The treatment concepts discussed in this chapter were developed at the University of Maryland Shock Trauma Unit and ultimately employed at the International Center for Facial Injury Reconstruction at Johns Hopkins.
The proportion of severe injuries seen at these centers is high.
The treatment concepts, however, may be modified for common fractures and less significant injuries.
Greater emphasis has been placed on minimizing operative techniques and limited exposures, whereas the decade of the 1980s witnessed craniofacial principles of broad exposure and fixation at all buttresses for a particular fracture across all degrees of severity.
Presently, the treatment of injuries is organized both by severity and anatomic area to permit the smallest exposure possible to achieve a good result [computerized tomographic (CT)–based facial fracture treatment].
Bone and soft tissue injuries in the facial area should be managed as soon as the patient's general condition permits.
Classically, facial soft tissue and bone injuries are not acute surgical emergencies, but both the ease of obtaining a good result and the quality of the result are better with early or immediate management.
Less soft tissue stripping is required, bones are often easily replaced into their anatomic position, and easier fracture repairs are performed.
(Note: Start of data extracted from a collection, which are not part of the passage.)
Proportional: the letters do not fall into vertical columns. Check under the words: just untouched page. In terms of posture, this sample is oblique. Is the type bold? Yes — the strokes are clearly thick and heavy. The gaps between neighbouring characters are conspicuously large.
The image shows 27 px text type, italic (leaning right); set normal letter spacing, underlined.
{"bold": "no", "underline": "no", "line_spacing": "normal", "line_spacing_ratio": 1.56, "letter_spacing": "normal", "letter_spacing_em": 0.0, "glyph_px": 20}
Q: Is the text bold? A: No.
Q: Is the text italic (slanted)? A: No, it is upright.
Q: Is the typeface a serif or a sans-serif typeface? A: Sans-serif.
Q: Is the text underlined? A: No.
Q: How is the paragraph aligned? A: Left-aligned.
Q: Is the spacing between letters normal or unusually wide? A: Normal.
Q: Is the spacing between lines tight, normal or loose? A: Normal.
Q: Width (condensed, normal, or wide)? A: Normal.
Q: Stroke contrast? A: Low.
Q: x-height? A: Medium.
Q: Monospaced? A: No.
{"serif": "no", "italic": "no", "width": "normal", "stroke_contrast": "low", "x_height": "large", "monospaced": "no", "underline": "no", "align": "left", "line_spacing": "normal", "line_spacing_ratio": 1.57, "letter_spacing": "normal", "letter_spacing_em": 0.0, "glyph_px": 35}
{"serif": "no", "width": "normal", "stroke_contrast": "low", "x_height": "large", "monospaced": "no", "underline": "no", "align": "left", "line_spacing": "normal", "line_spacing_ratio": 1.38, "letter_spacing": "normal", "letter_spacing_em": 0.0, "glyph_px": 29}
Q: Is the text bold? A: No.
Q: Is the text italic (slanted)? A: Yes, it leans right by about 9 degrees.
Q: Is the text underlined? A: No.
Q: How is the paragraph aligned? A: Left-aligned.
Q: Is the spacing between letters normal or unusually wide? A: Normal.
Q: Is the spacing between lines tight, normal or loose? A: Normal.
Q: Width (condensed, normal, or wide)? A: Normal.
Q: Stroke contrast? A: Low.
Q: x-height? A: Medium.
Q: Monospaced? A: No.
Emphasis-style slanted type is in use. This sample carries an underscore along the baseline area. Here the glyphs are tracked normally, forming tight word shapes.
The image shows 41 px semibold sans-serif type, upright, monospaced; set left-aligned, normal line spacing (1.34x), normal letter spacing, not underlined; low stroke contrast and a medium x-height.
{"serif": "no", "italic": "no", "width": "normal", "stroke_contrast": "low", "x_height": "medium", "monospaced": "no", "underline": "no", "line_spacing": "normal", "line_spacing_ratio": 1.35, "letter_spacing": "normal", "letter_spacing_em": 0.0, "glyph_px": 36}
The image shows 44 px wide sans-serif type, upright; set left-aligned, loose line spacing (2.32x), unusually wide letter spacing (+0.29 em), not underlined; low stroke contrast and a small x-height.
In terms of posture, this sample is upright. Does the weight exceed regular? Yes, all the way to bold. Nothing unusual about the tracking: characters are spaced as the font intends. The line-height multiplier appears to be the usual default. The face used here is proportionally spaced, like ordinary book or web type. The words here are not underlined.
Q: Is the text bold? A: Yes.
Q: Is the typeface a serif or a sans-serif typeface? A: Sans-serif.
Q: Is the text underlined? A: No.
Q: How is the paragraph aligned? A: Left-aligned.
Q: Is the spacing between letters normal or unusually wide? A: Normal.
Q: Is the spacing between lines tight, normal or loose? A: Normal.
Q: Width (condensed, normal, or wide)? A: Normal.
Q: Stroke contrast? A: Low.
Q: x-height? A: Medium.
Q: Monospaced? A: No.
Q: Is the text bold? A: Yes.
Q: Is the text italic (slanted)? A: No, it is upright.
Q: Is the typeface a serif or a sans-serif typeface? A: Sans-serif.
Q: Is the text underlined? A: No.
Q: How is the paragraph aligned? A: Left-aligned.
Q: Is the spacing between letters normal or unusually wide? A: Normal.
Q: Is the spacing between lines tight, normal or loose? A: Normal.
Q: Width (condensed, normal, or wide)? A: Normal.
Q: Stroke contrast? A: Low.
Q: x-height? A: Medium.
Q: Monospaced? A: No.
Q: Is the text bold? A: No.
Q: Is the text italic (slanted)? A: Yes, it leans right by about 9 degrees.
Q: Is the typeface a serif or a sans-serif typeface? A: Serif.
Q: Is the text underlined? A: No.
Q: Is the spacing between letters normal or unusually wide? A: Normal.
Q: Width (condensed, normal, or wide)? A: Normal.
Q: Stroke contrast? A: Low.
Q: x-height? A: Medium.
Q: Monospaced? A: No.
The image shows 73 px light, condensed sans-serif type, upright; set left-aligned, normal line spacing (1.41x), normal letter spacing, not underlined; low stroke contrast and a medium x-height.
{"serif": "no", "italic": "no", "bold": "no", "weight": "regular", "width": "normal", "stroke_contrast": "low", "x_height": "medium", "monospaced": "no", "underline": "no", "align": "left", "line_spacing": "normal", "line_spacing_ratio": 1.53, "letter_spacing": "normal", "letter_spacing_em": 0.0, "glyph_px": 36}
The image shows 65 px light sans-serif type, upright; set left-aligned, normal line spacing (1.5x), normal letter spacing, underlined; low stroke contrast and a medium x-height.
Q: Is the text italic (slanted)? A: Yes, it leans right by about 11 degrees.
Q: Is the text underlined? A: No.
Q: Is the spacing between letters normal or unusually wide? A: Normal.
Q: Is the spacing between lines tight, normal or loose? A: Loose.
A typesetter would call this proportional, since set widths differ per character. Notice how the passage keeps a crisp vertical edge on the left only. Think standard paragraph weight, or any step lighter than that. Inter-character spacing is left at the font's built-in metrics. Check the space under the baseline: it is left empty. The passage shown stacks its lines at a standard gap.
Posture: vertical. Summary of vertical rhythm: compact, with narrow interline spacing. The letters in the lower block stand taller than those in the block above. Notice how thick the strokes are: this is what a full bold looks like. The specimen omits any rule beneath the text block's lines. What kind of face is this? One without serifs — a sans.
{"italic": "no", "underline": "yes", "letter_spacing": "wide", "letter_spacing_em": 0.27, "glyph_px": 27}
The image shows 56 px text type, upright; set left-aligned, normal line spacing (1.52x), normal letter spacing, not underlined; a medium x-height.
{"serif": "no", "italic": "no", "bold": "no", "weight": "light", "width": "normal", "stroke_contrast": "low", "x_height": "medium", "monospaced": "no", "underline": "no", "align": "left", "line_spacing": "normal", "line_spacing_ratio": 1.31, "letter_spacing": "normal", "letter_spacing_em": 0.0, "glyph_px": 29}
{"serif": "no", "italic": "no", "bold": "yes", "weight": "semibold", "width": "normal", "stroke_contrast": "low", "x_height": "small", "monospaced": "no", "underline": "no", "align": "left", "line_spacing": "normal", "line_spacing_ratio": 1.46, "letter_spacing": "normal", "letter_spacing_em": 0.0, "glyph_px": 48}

The definitive radiographic evaluation is the craniofacial CT scan with axial, coronal, and sagittal sections of bone and soft tissue windows. However, the clinical examination remains the most sensitive detection of the character and functional implications of the facial injury.
Access to the craniofacial skeleton can be achieved through strategic incision placement ( Fig. 9.1 ) .
Management begins with an initial physical examination and is followed by a radiologic evaluation accomplished with CT scanning ( Table 9.1 ).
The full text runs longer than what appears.